Angel ' s friends want to save Angel. Their task Is:approach Angel. We assume that "approach Angel" are to get to the position where Angel stays. When there's a guard in the grid, we must kill him (or his?) to move into the grid. We assume that we moving up, down, right, left takes US 1 unit time, and killing a guard takes 1 unit time, too.

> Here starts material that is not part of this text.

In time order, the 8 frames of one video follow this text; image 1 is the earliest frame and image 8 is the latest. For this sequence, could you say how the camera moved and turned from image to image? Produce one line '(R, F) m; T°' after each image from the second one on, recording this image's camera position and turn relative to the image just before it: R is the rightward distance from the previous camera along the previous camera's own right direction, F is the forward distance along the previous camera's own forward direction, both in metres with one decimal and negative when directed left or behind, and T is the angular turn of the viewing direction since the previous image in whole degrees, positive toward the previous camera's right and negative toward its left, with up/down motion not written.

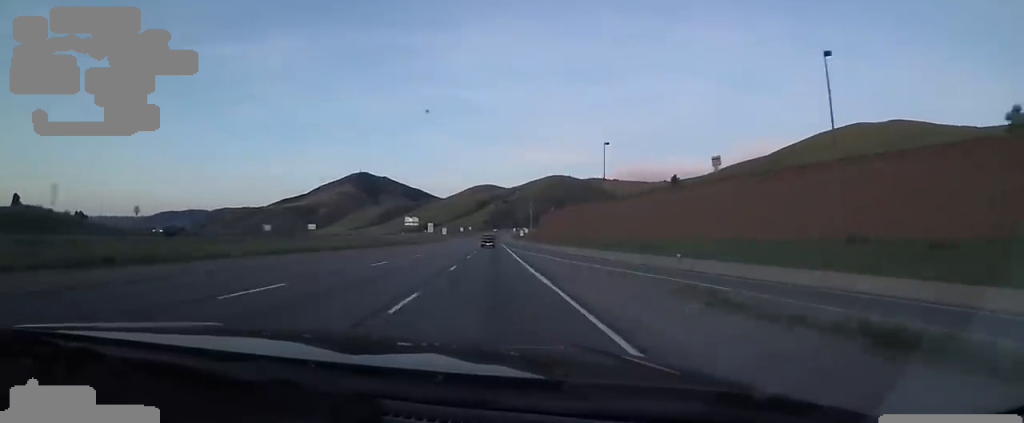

And we are strong enough to kill all the guards.

You had to calculate the minimal time to approach Angel. (We can move only up, down, left and right, to the neighbor grid within bound, of course.)

Input
First line contains-integers stand for N and M.

Then N lines follows, every line has M characters. "." stands for road, "a" stands for Angel, and "R" stands for each of the Angel ' s friend.

Process to the end of the file.

Output
For each test case, your program should output a single integer, standing for the minimal time needed. If Such a number does no exist, you should output a line containing "Poor ANGEL have to stay in the prison all he life."

Sample Input

7 8

#.#####.#.a#..r.#..#x.....#..#.##...##...#..............

Sample Output

13

is a classic deep search question, did 1180 questions again to do this, is the second a AH.
Next Test instructions:

Angels are locked in a prison, a for Angels, R for Angels, X for Guards, #是墙. R can kill so the guards, killing a guard takes 1 units of time, and moving one step also requires a unit of time. Ask, Angel's friend R shortest how long it takes to save angel A.
If the Angels cannot be rescued, output: Poor ANGEL has to stay in the prison all his life.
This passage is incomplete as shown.